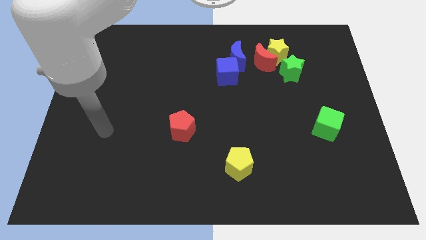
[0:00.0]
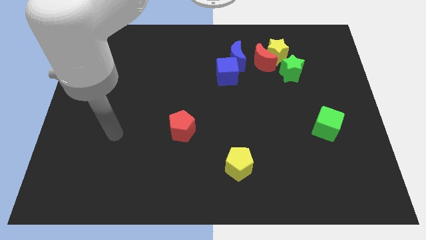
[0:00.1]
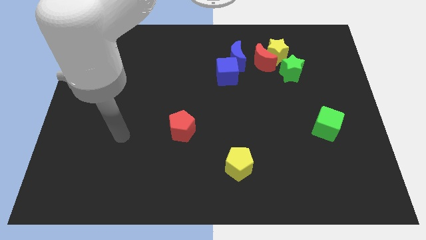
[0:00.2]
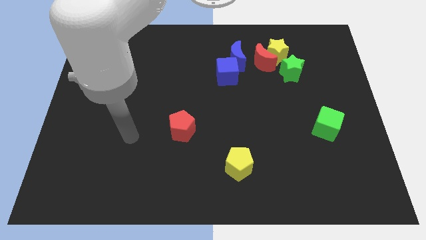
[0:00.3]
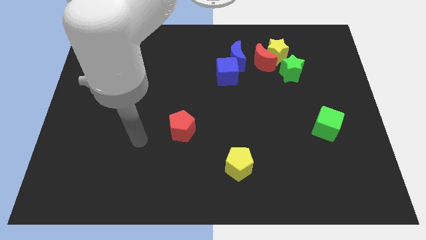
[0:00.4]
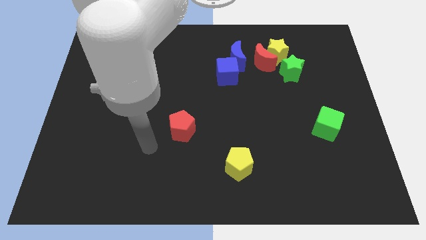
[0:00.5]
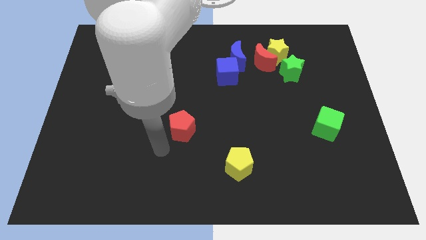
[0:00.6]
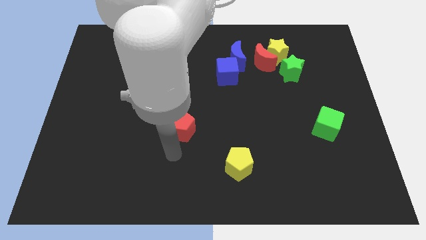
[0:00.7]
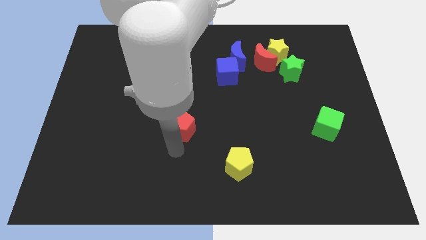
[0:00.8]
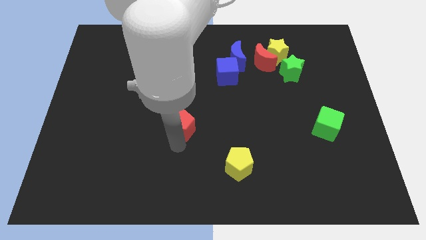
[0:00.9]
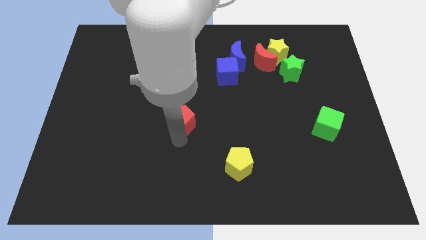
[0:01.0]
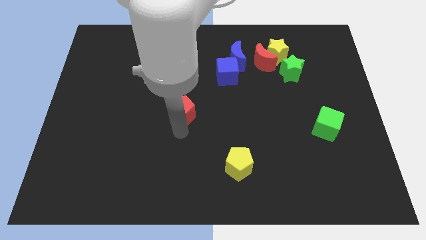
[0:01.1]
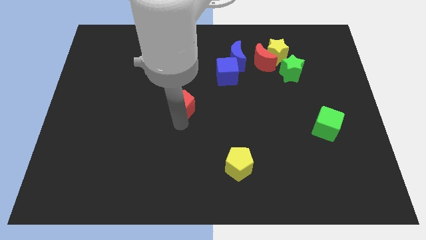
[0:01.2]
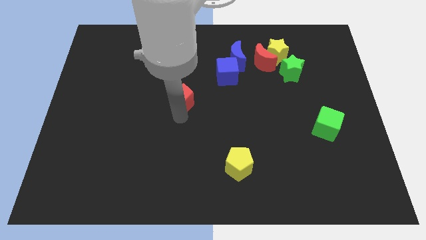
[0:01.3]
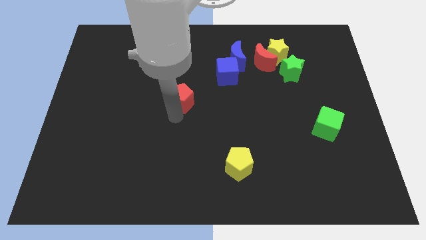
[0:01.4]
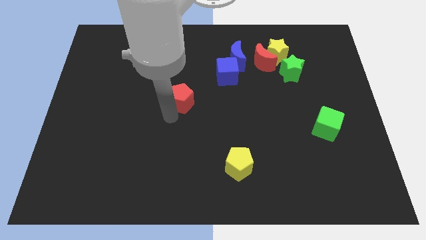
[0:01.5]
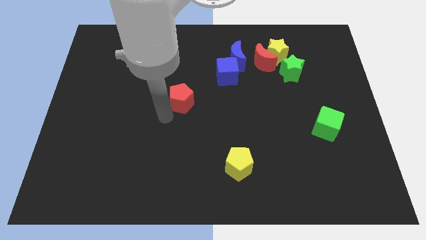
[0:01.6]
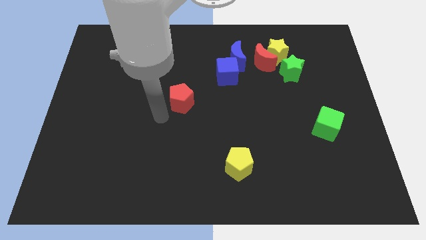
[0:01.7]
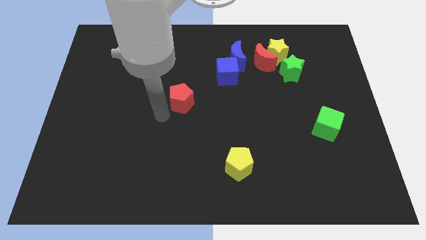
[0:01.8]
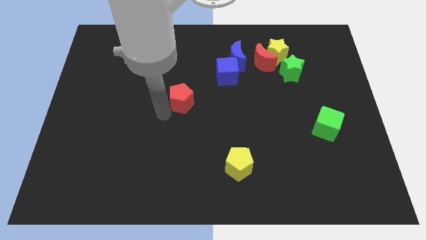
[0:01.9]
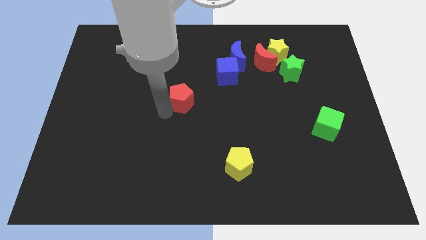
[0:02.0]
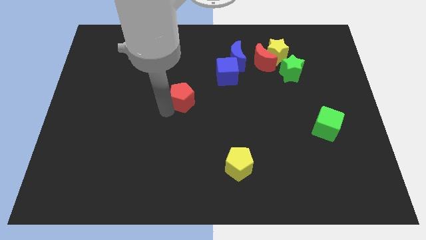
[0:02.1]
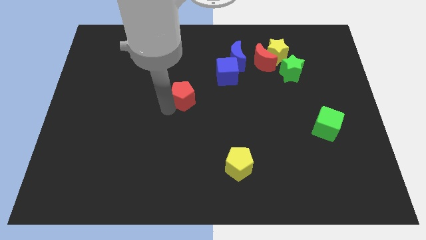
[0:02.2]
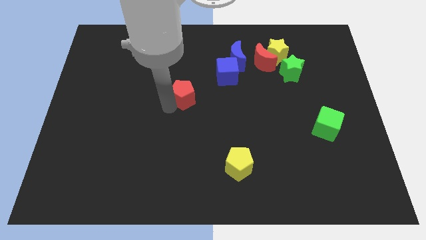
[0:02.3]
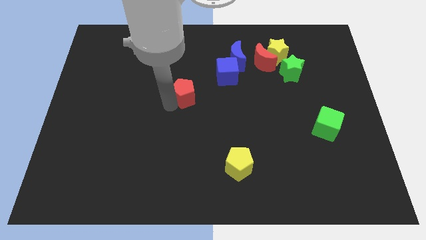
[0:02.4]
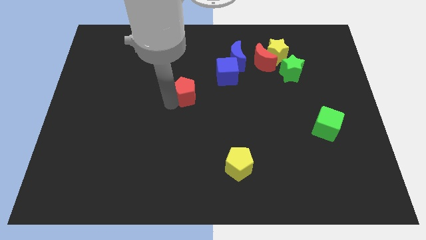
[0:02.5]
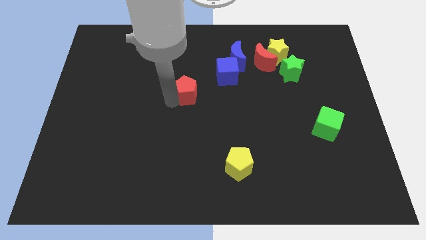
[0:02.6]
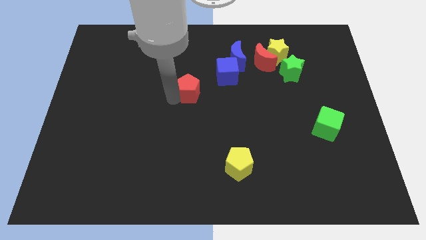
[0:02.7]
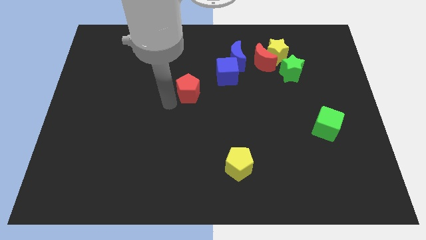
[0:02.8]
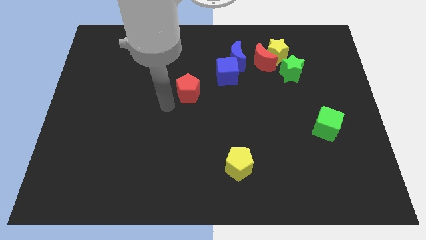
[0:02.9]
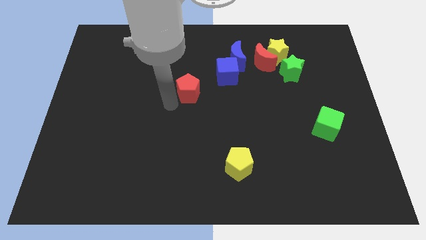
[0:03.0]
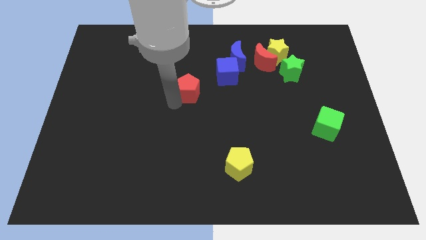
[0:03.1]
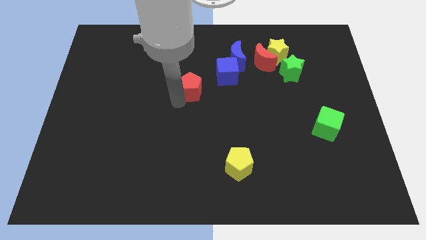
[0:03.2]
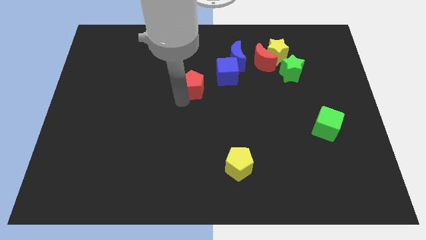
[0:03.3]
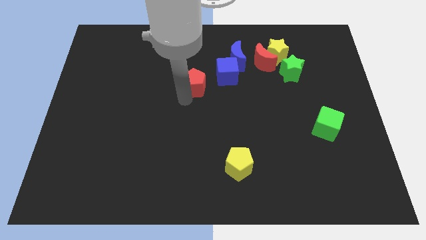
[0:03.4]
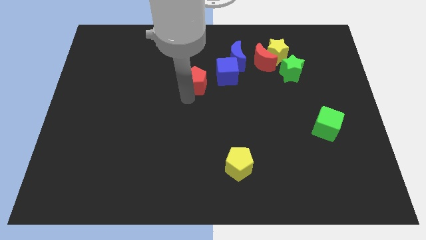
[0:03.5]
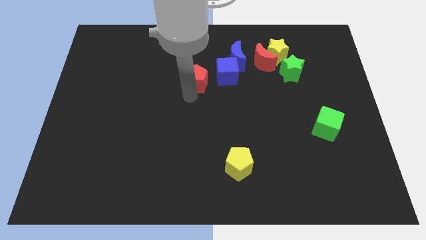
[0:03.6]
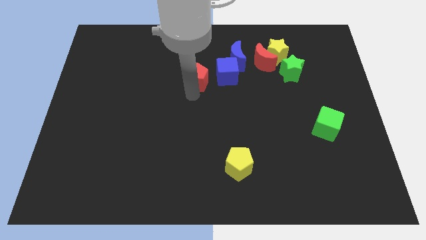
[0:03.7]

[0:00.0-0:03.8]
slide the red pentagon to the bottom left of the blue moon

------------------------------

■ WHAT IS BEING ASKED ■
Skipping every picture, reproduce the records word for word.

■ THE COMPLETED TASK ■
[0:00.0]
[0:00.1]
[0:00.2]
[0:00.3]
[0:00.4]
[0:00.5]
[0:00.6]
[0:00.7]
[0:00.8]
[0:00.9]
[0:01.0]
[0:01.1]
[0:01.2]
[0:01.3]
[0:01.4]
[0:01.5]
[0:01.6]
[0:01.7]
[0:01.8]
[0:01.9]
[0:02.0]
[0:02.1]
[0:02.2]
[0:02.3]
[0:02.4]
[0:02.5]
[0:02.6]
[0:02.7]
[0:02.8]
[0:02.9]
[0:03.0]
[0:03.1]
[0:03.2]
[0:03.3]
[0:03.4]
[0:03.5]
[0:03.6]
[0:03.7]

[0:00.0-0:03.8]
slide the red pentagon to the bottom left of the blue moon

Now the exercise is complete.